Cuando era niño estaba convencido de que vivíamos dentro de la Tierra, de que yo me encontraba en el centro del mundo. Mirando el horizonte y las nubes que se esconden tras las montañas, pensaba que allí terminaba un planeta cuyo núcleo era yo. También creía firmemente, cuando iba en el carro con mi familia durante noches estrelladas, que la luna me perseguía, que se movía conmigo. Luego descubrí que otras personas habían tenido la misma perspectiva errónea sobre el planeta Tierra y sobre la naturaleza de la luna. No era el único, entonces, que creía de forma implícita que todo giraba en torno a su realidad individual.

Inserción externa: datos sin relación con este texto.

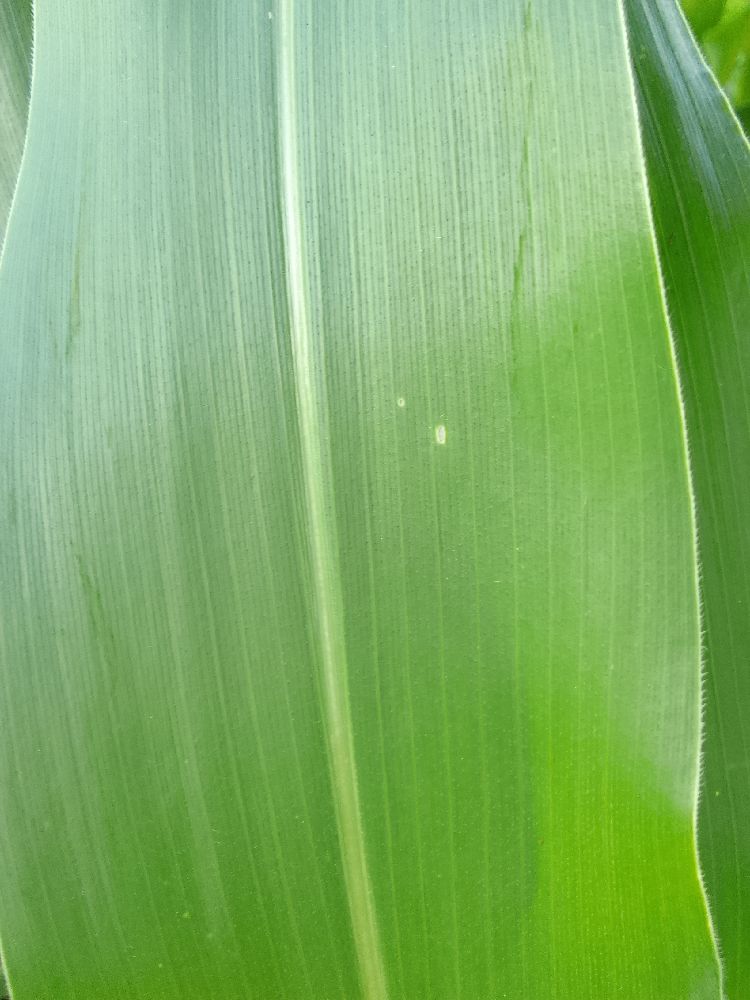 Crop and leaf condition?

Hoy pienso que no hace falta pronunciar la frase “soy el centro del universo” ni estar convencido de aquello de forma literal para percibir que todo gira alrededor de cada uno de nosotros.
Llevado al extremo, es evidente que pensar de esta manera es egoísta. Sin embargo, creo que la tendencia a ‘sentirnos el centro del universo’ es, hasta cierto punto, inevitable, adaptativa e incluso un acto de responsabilidad. Es ineludible porque desde nuestra perspectiva como individuos cada uno de nosotros es el verdadero centro. Cierto grado de individualismo es fundamental para poder ignorar gran parte de lo que ocurre en el complejísimo planeta que habitamos y ocuparnos de cumplir con nuestros roles. Aunque parezca una obviedad, solo así somos capaces de preocuparnos por nosotros mismos, por nuestros seres queridos y por todo aquello que valoramos como si fuésemos lo más preciado del mundo. Tan solo así podemos olvidar un poco nuestra insignificancia y encontrarle algo de sentido a la vida. Desde aquella óptica, percibirse como únicos e importantes no se trata de un acto de egoísmo, sino de supervivencia y de priorización.
De no ser capaces de ‘sentirnos el centro del universo’ de vez en cuando, de autoubicarnos en el primer lugar ante la sociedad y el mundo, quizás pasaríamos en perenne lamento ante la cantidad de posibles sitios por visitar, cosas por hacer y problemas que resolver en este vasto planeta del que no somos más que un átomo. O quizás permaneceríamos subyugados ante la afilada verdad de que nadie es realmente único o especial en un mundo inmenso con miles de millones de habitantes, un planeta en el que hay tanto por hacer, aprender y conocer… tanto de qué preocuparnos. Por tanto, procurando hacer lo posible por ayudar a los demás y dejar una huella proactiva en el mundo tras nuestra partida, quizás no quede otra opción que conformarnos sanamente con nuestra realidad inmediata, con ser el centro de nuestro universo. La alternativa no es mejor: sumergirnos en el caos de las posibilidades infinitas, de lo imposible, de las perpetuas preocupaciones… de todo aquello que se nos escapa de las manos.